Anyway, I realised I’d now walked away from the car for about two hours and the return wouldn’t be much shorter; my quick trip out was turning into a rather more substantial walk. So, I sipped a little more water and headed north, into the hot wind, across Buckland Common, and down to the road again at Cold East Cross. From here, I followed a grass path and wall up to the summit or Rippon Tor. This was more of a climb than I’d remembered and, although gentle, I was still hot and flustered by the time I reached the top and glugged the last of the remaining water. It was worth it though – what a view. The North moor laid out in the distance to the left and Haytor Rocks and Down looking rather lovely ahead. Even more lovely, in the distance, I could see an ice-cream van in the main Haytor car park – you can just make it out in the photo below.
I’d spent the afternoon being pleased that, even in such a popular area, it was possible to walk alone – indeed, I hadn’t met another person since leaving the Saddle Tor car park much earlier. Now, however, I wanted other people – more specifically, I wanted the ice-cream van; I had money in my bag and could buy ice-cream. Or a cold drink. Or both…
I thought I remembered that the vans left the car parks on the moor at 5:00, but looking at my watch, it was just past that time – perhaps they left later in the Summer at 5:30, or even 6:00. I checked the OS map on my phone, which showed a track heading north east and down, leaving a long walk back along the road. So given the time, and my thirst, I decided it would be quicker to head directly cross country, keeping the van in sight all the way and watching the time.
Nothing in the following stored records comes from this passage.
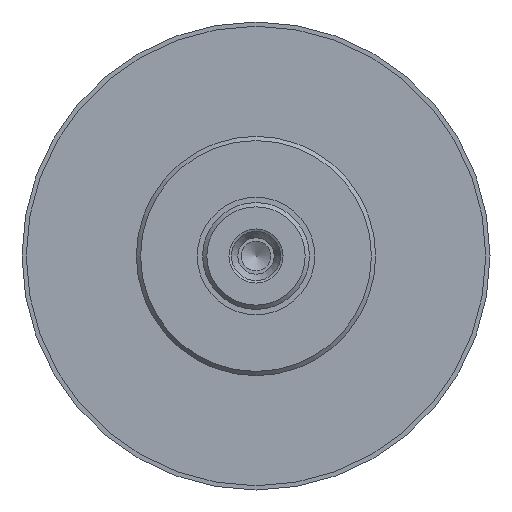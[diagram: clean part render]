
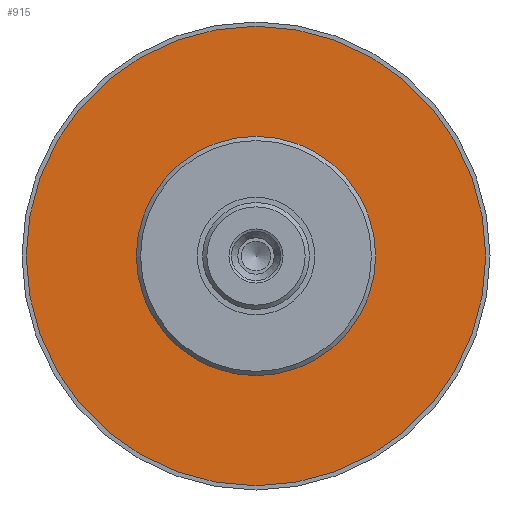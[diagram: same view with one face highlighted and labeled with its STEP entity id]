
A CAD part, front view. The second image highlights one B-rep face of the part: STEP entity #915.
In plain terms, the highlighted planar face has unit normal (0, -1, 0).
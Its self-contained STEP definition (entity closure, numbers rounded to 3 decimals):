
#671=CARTESIAN_POINT('',(0.0,-260.,56.));
#672=VERTEX_POINT('',#671);
#673=CARTESIAN_POINT('',(0.0,-260.,0.));
#674=DIRECTION('',(0.0,1.0,0.0));
#675=DIRECTION('',(0.0,0.0,1.0));
#676=AXIS2_PLACEMENT_3D('',#673,#674,#675);
#677=CIRCLE('',#676,56.);
#678=EDGE_CURVE('',#672,#672,#677,.T.);
#896=CARTESIAN_POINT('',(0.0,-260.0,81.75));
#897=DIRECTION('',(0.0,-1.0,0.0));
#898=DIRECTION('',(0.0,0.0,-1.0));
#899=AXIS2_PLACEMENT_3D('',#896,#897,#898);
#900=PLANE('',#899);
#901=CARTESIAN_POINT('',(0.0,-260.0,107.5));
#902=VERTEX_POINT('',#901);
#903=CARTESIAN_POINT('',(0.0,-260.0,0.));
#904=DIRECTION('',(0.0,1.0,0.0));
#905=DIRECTION('',(0.0,0.0,1.0));
#906=AXIS2_PLACEMENT_3D('',#903,#904,#905);
#907=CIRCLE('',#906,107.5);
#908=EDGE_CURVE('',#902,#902,#907,.T.);
#909=ORIENTED_EDGE('',*,*,#908,.F.);
#910=EDGE_LOOP('',(#909));
#911=FACE_OUTER_BOUND('',#910,.T.);
#912=ORIENTED_EDGE('',*,*,#678,.T.);
#913=EDGE_LOOP('',(#912));
#914=FACE_BOUND('',#913,.T.);
#915=ADVANCED_FACE('',(#911,#914),#900,.T.);

Which quickly brought me to my present position on the floor of the valley, standing on a small tussock of grass and reeds in the middle of a marsh. I should have known better – when the map shows a stream draining through a shallow basin, its going to be damp. Still, my only consolation was that the ice cream van was still there, so, bringing Macbeth to mind (“I am in blood stepped in so far that, should I wade no more, returning were as tedious as go o’er”) I pushed on damply, eventually emerging at the foot of a hill leading towards the car park.
As I climbed, the convex nature of the hill meant the van disappeared from sight, so I walked as quickly as possible, even more keen to reach it than before. If I were writing purely for effect, I would tell you now that, as I crested the hill and could see the car park again, I was able to watch the van drive sedately out of the car park and disappear down the hill. But that’s not what happened.
No, as the car park came into view across another unexpected stretch of marsh, the van was simply not there. In the 10 minutes it had been out of sight, at some time between 5:30 and 6:00, it had left. Dejected, I looked at the stretch of marsh ahead , which was short. A path led up to the left, crossed above the wet section and down to the opposite side. I was tired, I was hot – I went straight across.
Wetter than before, I stood in the car park, where the van had been parked, among lots of people. Despite my disappointment, my dampness and my thirst, it had been a great walk. Longer than expected but making the best (apart from the last bit) of a busy part of the moor, with a lot crammed into 10 miles.
In the distance, across Haytor Down, I could see my car on the horizon, alone in another car park – there appeared to be a direct way across to it.
I took the long way around, along the road.